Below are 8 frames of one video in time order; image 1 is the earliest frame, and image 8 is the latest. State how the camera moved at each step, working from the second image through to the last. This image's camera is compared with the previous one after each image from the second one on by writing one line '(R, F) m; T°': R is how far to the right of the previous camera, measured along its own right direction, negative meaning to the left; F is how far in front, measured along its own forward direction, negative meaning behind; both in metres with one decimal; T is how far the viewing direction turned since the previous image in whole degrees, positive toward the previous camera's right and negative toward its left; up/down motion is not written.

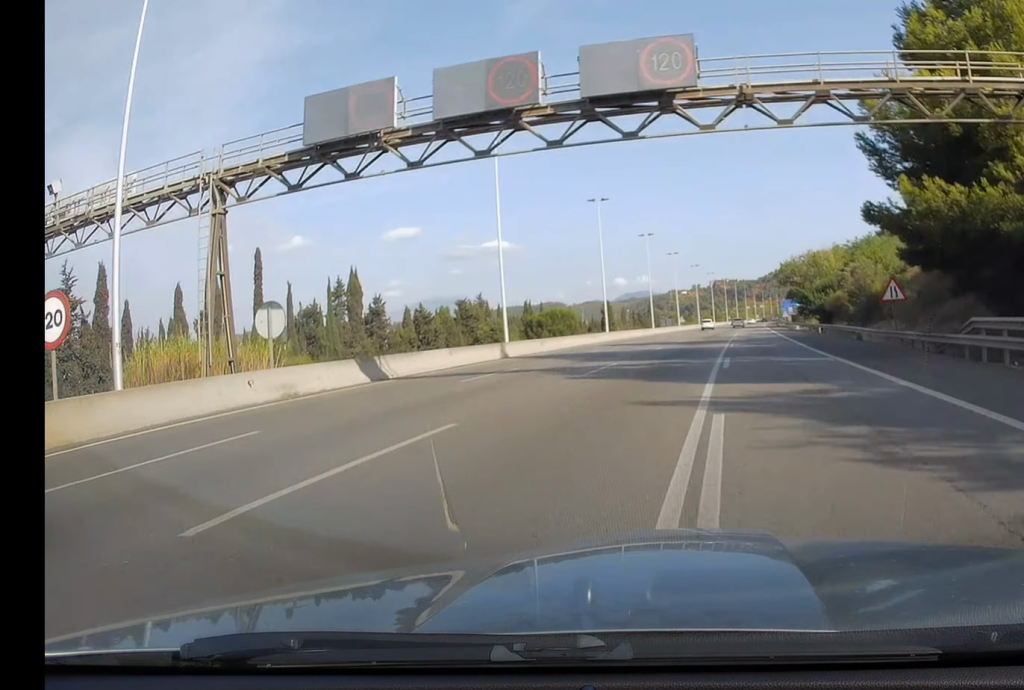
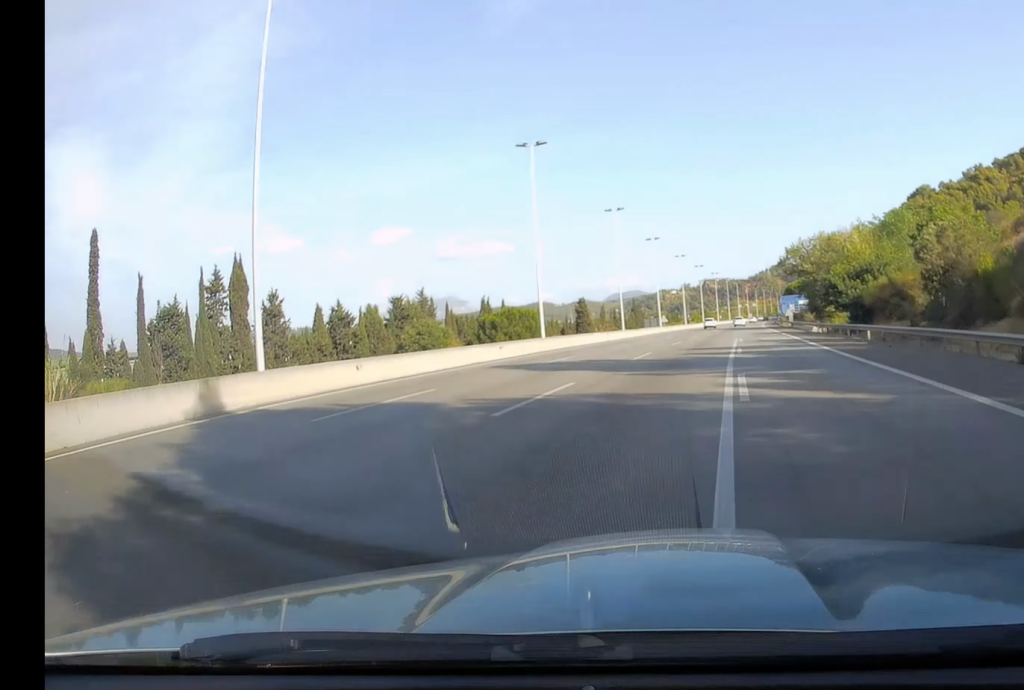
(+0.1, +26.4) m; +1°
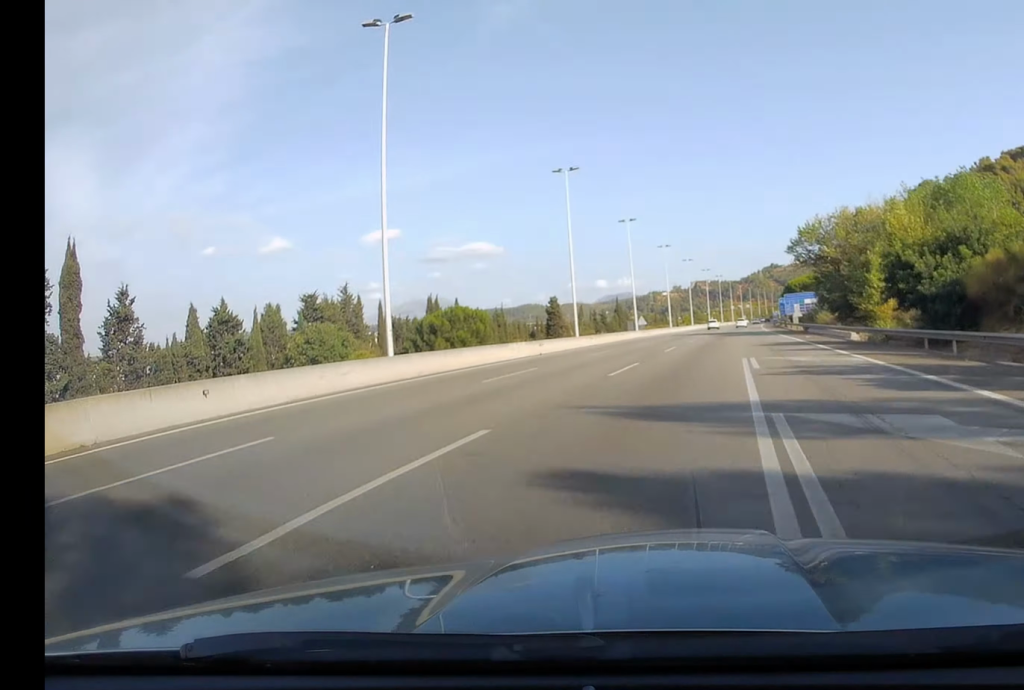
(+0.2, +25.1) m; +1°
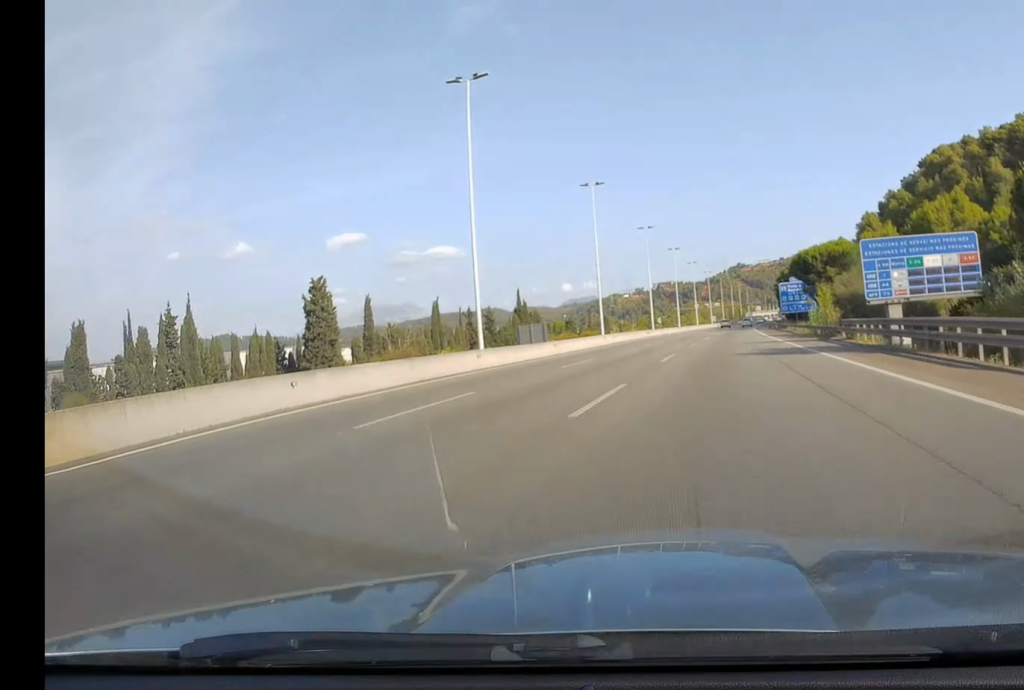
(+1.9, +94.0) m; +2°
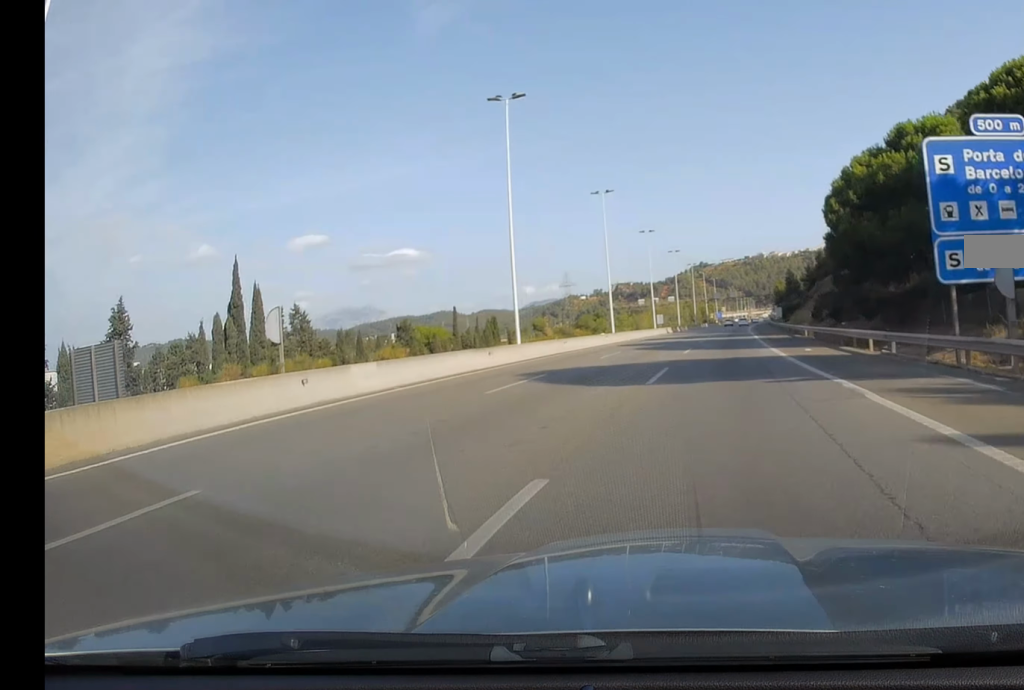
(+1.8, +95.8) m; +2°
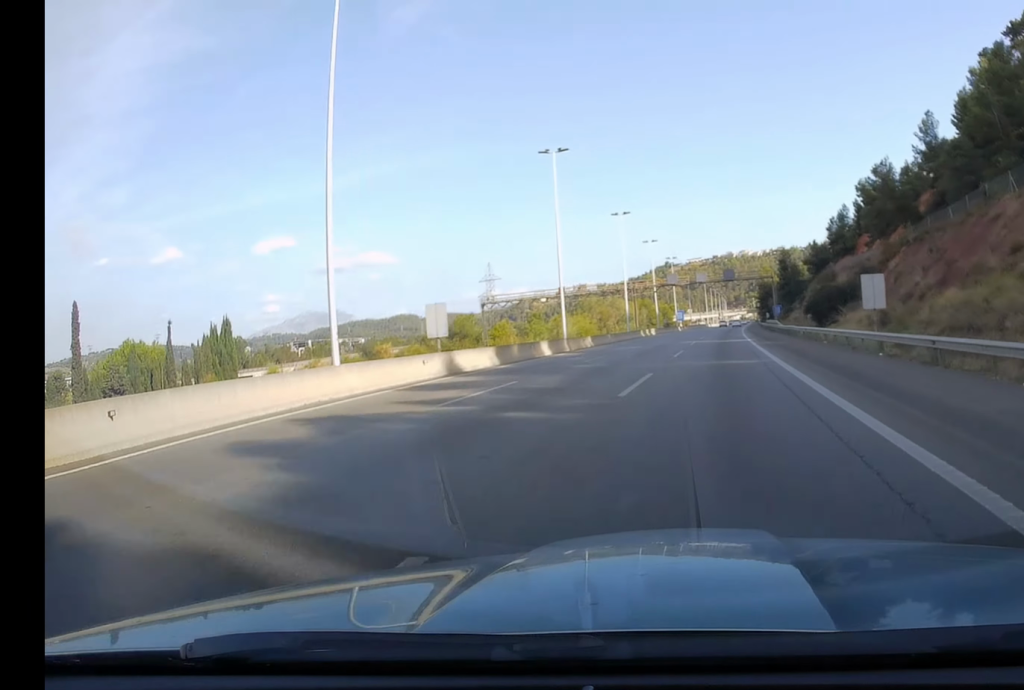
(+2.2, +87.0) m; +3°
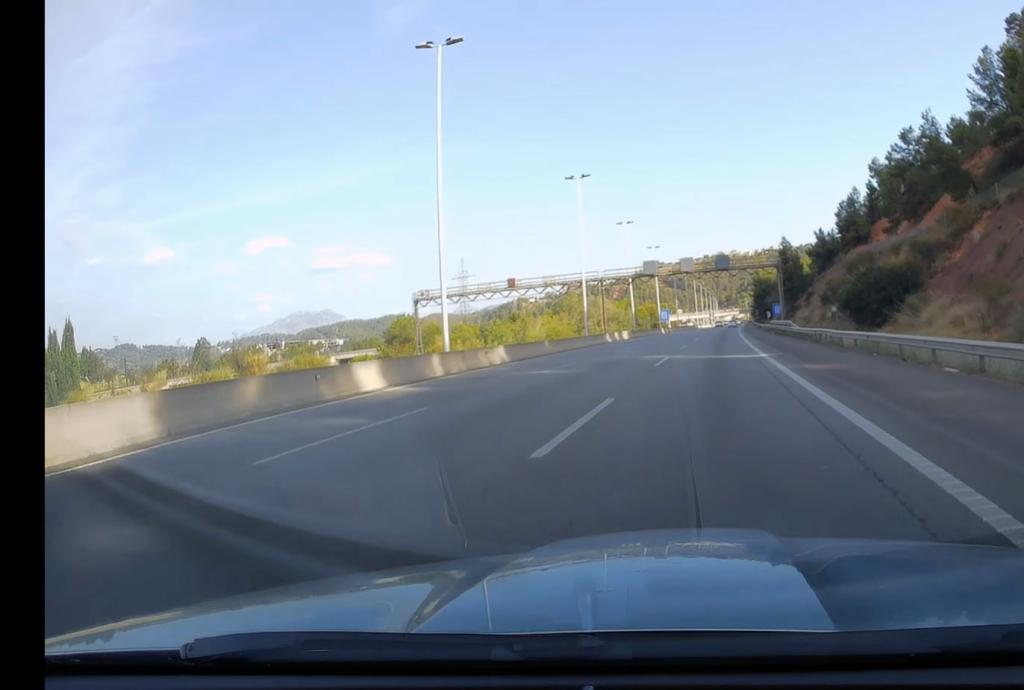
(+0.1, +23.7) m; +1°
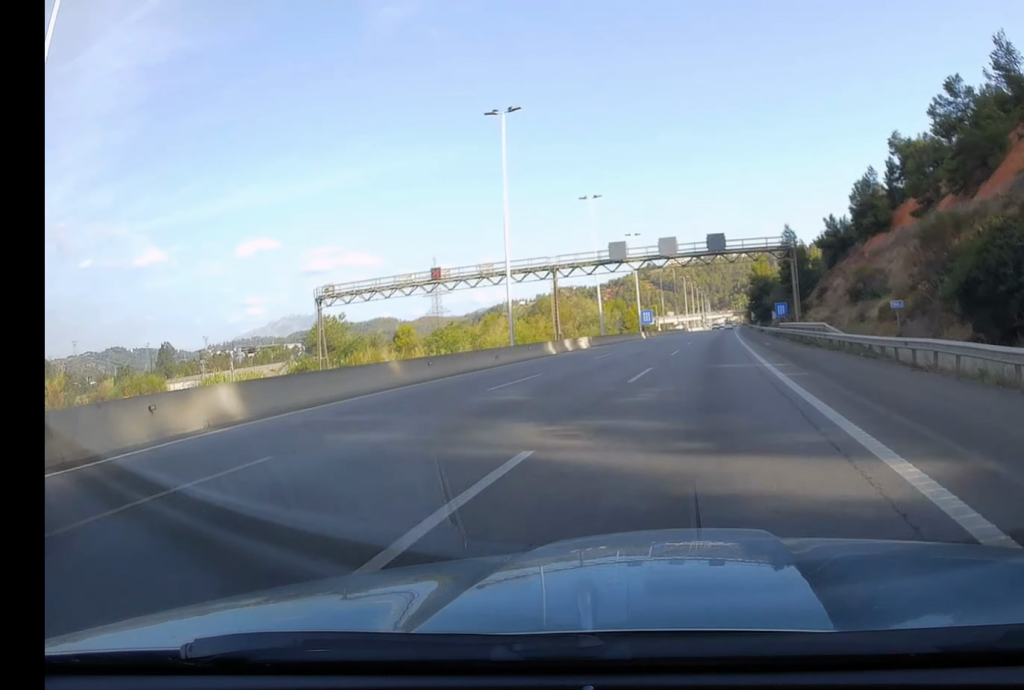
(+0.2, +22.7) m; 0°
━━━
What is required:
Transcribe the records verbatim and omit the images.

Written answer:
Below are 8 frames of one video in time order; image 1 is the earliest frame, and image 8 is the latest. State how the camera moved at each step, working from the second image through to the last. This image's camera is compared with the previous one after each image from the second one on by writing one line '(R, F) m; T°': R is how far to the right of the previous camera, measured along its own right direction, negative meaning to the left; F is how far in front, measured along its own forward direction, negative meaning behind; both in metres with one decimal; T is how far the viewing direction turned since the previous image in whole degrees, positive toward the previous camera's right and negative toward its left; up/down motion is not written.

(+0.1, +26.4) m; +1°
(+0.2, +25.1) m; +1°
(+1.9, +94.0) m; +2°
(+1.8, +95.8) m; +2°
(+2.2, +87.0) m; +3°
(+0.1, +23.7) m; +1°
(+0.2, +22.7) m; 0°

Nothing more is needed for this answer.